In another reform that may have been timed in advance of Kazakstan’s year at the OSCE, parliament amended the criminal code in March to abolish the death penalty for most crimes, in line with the Second Optional Protocol. Capital punishment still applies for certain crimes of war – an exclusion that is compatible with the protocol – and more controversially for crimes of terrorism. Since the latter category could encompass a wide range of offences, some experts warn that it could complicate ratification of the second protocol. (For more on this issue, see Kazak Death Penalty Reform Less Than it Seems, 07-May-09.)



Many analysts believe the leadership is making up for lost time in order to demonstrate a commitment to international human rights law.



Kazakstan’s bid to chair the OSCE, launched in 2003, was approved only after several delays. Some OSCE member states were concerned that a state where elections were judged as undemocratic, freedom of speech was curbed and political opponents mistreated should not be given this accolade. The Kazak application was finally approved in November 2007, amid pledges of further reform from the government.



“Kazakstan dragged out ratification of the protocol as long as it could, since doing so was not in the authorities’ interests,” said Nurul Rahimbek, head of the Society of Young Professionals of Kazakstan.



“If it hadn’t been for the OSCE chairmanship, Kazakstan would not have ratified the optional protocol,” said political scientist Dosym Satpaev, director of the Risk Assessment Group in Kazakstan.



Satpaev notes that the government has yet to notify the UN Human Rights Committee that it has ratified the document, and until this happens, citizens of the country will not be able to use the rights the document gives them.



Serik Temirbulatov, who sits on parliament’s committee for international affairs, defence and security, sees ratification as an important step, and explained that once it came into force, Kazakstan citizens would have the right to go to the UN Human Rights Committee if they failed to get satisfaction from national courts.

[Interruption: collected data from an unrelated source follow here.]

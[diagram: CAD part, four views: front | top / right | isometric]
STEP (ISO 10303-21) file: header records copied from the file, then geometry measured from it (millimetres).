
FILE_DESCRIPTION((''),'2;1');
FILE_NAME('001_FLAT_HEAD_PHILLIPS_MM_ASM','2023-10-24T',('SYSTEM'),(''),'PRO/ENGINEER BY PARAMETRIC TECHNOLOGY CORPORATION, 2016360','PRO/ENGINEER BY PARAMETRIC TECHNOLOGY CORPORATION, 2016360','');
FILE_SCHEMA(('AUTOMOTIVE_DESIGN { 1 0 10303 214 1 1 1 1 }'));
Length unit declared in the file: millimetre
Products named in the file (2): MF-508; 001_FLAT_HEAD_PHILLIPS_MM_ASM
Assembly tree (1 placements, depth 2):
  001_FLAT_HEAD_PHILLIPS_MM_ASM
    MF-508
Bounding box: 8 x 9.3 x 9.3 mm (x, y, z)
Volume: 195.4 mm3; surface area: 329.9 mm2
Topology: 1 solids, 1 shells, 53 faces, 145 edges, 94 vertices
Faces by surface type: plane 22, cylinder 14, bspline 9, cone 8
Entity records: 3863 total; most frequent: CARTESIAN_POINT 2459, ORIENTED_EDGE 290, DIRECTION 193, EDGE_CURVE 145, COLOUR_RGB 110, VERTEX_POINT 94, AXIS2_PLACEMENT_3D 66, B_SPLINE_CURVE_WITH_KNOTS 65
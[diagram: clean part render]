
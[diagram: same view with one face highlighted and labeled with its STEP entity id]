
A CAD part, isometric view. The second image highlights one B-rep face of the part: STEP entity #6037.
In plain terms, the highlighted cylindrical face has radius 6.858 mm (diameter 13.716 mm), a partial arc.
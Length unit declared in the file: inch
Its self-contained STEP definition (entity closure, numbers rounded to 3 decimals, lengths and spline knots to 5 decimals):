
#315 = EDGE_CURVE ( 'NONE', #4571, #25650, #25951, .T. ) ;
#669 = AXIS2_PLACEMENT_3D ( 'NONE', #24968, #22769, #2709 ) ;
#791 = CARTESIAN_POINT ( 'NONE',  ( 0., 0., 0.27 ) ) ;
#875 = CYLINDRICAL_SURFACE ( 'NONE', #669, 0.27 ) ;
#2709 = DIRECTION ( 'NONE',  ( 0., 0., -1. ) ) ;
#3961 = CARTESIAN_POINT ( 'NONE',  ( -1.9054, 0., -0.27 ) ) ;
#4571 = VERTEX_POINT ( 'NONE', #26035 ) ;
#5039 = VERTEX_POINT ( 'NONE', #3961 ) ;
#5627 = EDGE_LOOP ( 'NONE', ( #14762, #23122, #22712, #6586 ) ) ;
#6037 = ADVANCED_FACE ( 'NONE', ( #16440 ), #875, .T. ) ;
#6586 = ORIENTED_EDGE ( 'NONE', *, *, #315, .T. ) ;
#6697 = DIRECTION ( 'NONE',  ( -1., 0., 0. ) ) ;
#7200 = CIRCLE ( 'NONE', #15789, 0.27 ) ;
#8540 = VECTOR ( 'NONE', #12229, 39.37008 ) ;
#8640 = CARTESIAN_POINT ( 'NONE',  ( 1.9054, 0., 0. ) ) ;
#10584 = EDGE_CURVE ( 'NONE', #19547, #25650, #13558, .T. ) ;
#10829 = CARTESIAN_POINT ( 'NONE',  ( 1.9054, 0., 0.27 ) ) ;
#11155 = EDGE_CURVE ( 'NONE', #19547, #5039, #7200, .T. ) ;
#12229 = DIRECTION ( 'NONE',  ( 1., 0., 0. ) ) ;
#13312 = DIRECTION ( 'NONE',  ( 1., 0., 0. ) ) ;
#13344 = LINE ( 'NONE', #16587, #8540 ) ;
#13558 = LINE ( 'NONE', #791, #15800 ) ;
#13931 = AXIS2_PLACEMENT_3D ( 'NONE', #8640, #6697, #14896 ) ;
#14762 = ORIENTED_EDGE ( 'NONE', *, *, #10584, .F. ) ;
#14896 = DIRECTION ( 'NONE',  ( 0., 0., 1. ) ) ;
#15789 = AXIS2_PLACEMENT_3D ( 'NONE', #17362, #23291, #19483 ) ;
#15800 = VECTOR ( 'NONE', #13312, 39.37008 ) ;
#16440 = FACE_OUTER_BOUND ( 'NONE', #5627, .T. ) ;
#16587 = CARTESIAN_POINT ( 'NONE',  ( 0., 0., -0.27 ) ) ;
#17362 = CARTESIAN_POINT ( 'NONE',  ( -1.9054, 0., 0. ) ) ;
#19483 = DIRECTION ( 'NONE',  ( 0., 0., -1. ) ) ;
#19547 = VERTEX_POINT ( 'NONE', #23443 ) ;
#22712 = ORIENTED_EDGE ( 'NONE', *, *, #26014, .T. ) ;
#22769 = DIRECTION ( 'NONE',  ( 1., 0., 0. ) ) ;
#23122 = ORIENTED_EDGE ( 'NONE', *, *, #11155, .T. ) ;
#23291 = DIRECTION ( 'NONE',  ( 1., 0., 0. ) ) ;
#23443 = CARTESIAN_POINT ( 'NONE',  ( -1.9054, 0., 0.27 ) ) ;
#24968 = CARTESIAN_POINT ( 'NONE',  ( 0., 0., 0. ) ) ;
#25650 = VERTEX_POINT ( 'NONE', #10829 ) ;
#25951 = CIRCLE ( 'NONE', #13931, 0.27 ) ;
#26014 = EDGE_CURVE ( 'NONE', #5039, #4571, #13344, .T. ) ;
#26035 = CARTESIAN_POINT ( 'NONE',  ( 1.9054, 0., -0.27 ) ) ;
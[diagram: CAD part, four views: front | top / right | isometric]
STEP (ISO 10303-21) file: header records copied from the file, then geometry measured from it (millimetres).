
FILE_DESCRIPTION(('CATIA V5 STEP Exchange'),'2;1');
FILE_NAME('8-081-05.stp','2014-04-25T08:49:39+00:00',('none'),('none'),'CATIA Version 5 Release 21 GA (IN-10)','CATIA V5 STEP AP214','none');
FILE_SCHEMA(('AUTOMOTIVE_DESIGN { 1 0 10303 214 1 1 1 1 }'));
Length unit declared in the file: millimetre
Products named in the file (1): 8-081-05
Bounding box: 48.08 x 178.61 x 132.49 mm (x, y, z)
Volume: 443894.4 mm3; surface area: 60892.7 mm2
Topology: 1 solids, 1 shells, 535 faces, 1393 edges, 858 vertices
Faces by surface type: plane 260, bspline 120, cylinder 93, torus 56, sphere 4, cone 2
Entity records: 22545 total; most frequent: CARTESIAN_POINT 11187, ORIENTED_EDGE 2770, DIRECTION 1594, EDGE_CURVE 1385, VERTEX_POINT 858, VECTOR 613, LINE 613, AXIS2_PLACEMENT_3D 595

“If a person has appealed to all the judicial levels and believes his rights have not been protected in his home country, only then can he appeal to the UN Committee for Human Rights,” he said.



Lawyer Sergei Utkin thinks ratification is “a big step forward”.



“There are many cases in Kazakstan when people appeal to the Supreme Court but still do not obtain justice, and they don’t know what to do after that,” said Utkin. “Now they can make complaints to a higher authority.”



“Although the UN Human Rights Committee is not the Strasbourg court [European Court of Human Rights], decisions of which are legally binding, it is still a fairly effective mechanism,” he added.



Utkin said citizens would need help with preparing the documentation needed to file complaints at the UN committee.



“There will need to be several appeals to the UN committee that establish a precedent,” he said. “NGOs should be set up to advise [citizens] on these matters.”



At the moment, said Utkin, 90 per cent of all complaints sent to the Human Rights Committee are set aside because the documentation is inadequate.



Even if all these things are done, some analysts fear that having the theoretical right of access to the UN committee will not change much on the ground.



According to Rahimbek, “The UN Human Rights Committee has no levers of influence; it can only make recommendations”.



Satpaev, too, warned that ratification of international documents did not automatically translate into improved practice in the human rights observance by local institutions. “But it’s better than nothing,” he said of the protocol.



“The fact that Kazakstan, unlike other Central Asian states, understands that it needs to take such measures because of its status in the OSCE is a positive sign,” he said.



In any case, embedding the principles set out in the protocol is going to take time, according to Grishin.



“For a while, everybody will continue operating in the same old way, referring to the old legislation they are accustomed to,” he said. “From my own experience, I know that neither the courts nor the police recognise international standards.